Excerpted records →
#####

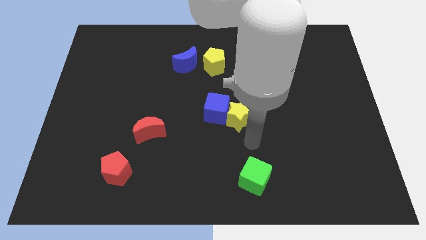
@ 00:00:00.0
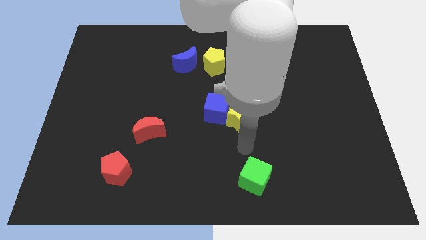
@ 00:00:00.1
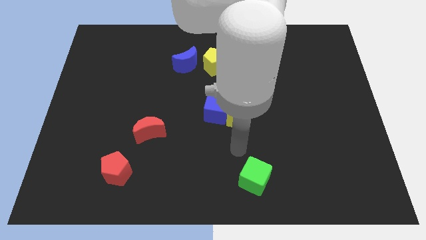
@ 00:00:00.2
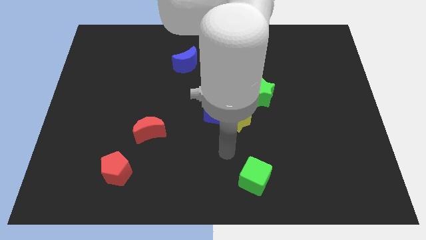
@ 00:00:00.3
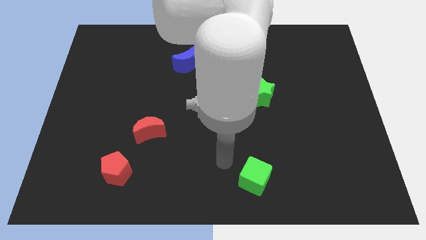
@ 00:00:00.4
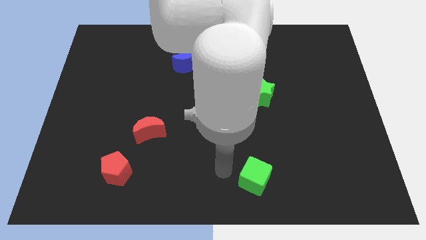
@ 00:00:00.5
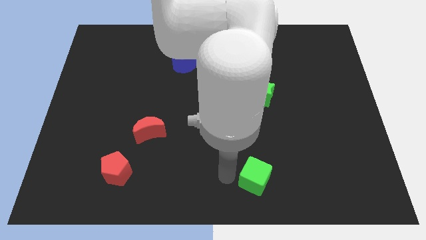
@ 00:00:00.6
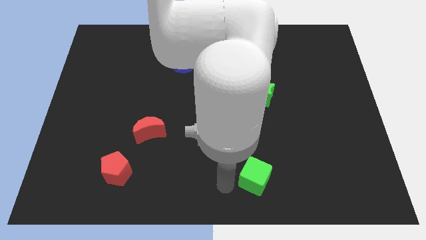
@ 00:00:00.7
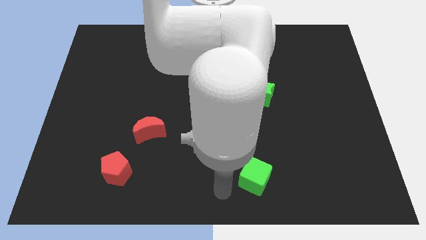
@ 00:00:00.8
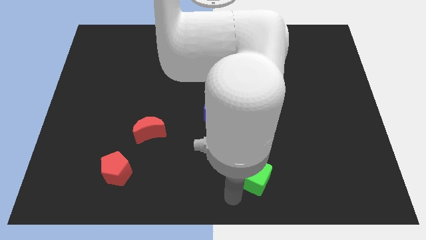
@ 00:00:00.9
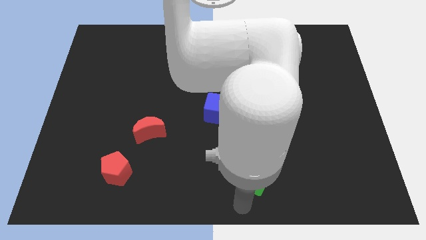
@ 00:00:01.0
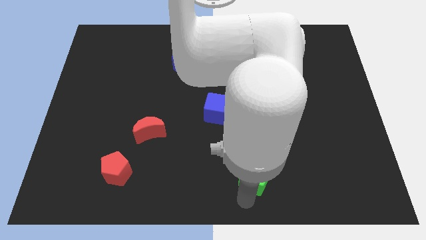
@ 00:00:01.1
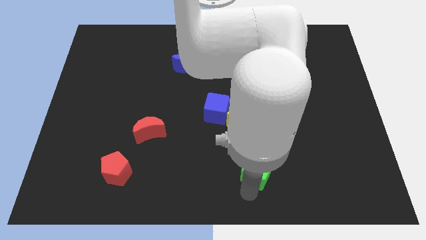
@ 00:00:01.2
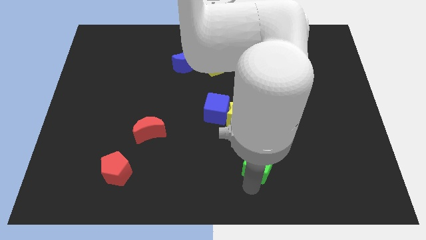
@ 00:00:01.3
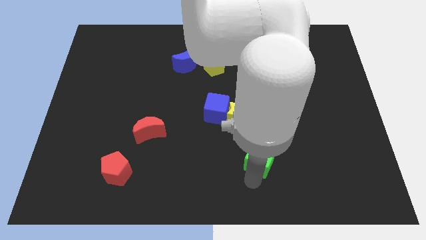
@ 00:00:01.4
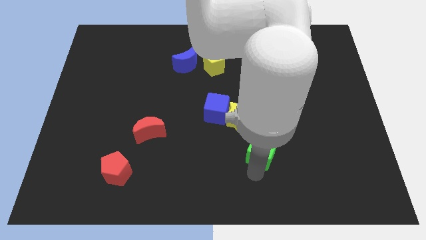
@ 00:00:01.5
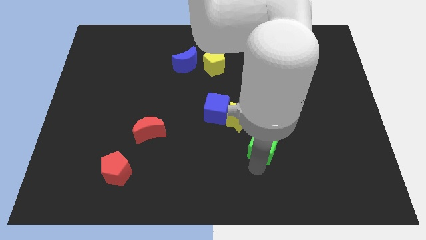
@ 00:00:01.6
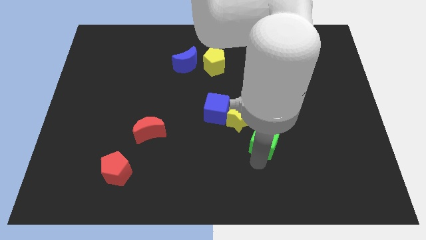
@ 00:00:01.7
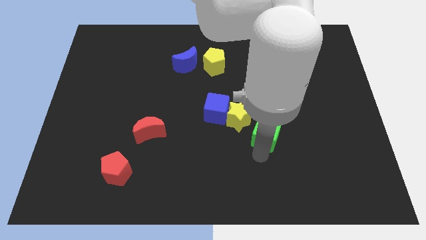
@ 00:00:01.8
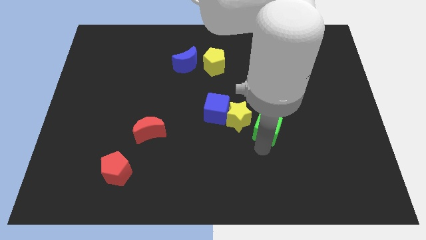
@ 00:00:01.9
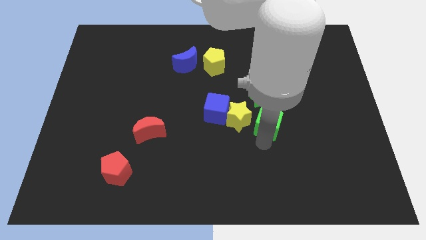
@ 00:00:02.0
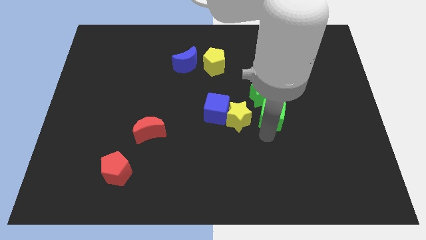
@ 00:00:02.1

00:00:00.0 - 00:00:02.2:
slide the green cube next to the green star

#####

Copy all of the material word for word, and include none of its pictures.

@ 00:00:00.0
@ 00:00:00.1
@ 00:00:00.2
@ 00:00:00.3
@ 00:00:00.4
@ 00:00:00.5
@ 00:00:00.6
@ 00:00:00.7
@ 00:00:00.8
@ 00:00:00.9
@ 00:00:01.0
@ 00:00:01.1
@ 00:00:01.2
@ 00:00:01.3
@ 00:00:01.4
@ 00:00:01.5
@ 00:00:01.6
@ 00:00:01.7
@ 00:00:01.8
@ 00:00:01.9
@ 00:00:02.0
@ 00:00:02.1

00:00:00.0 - 00:00:02.2:
slide the green cube next to the green star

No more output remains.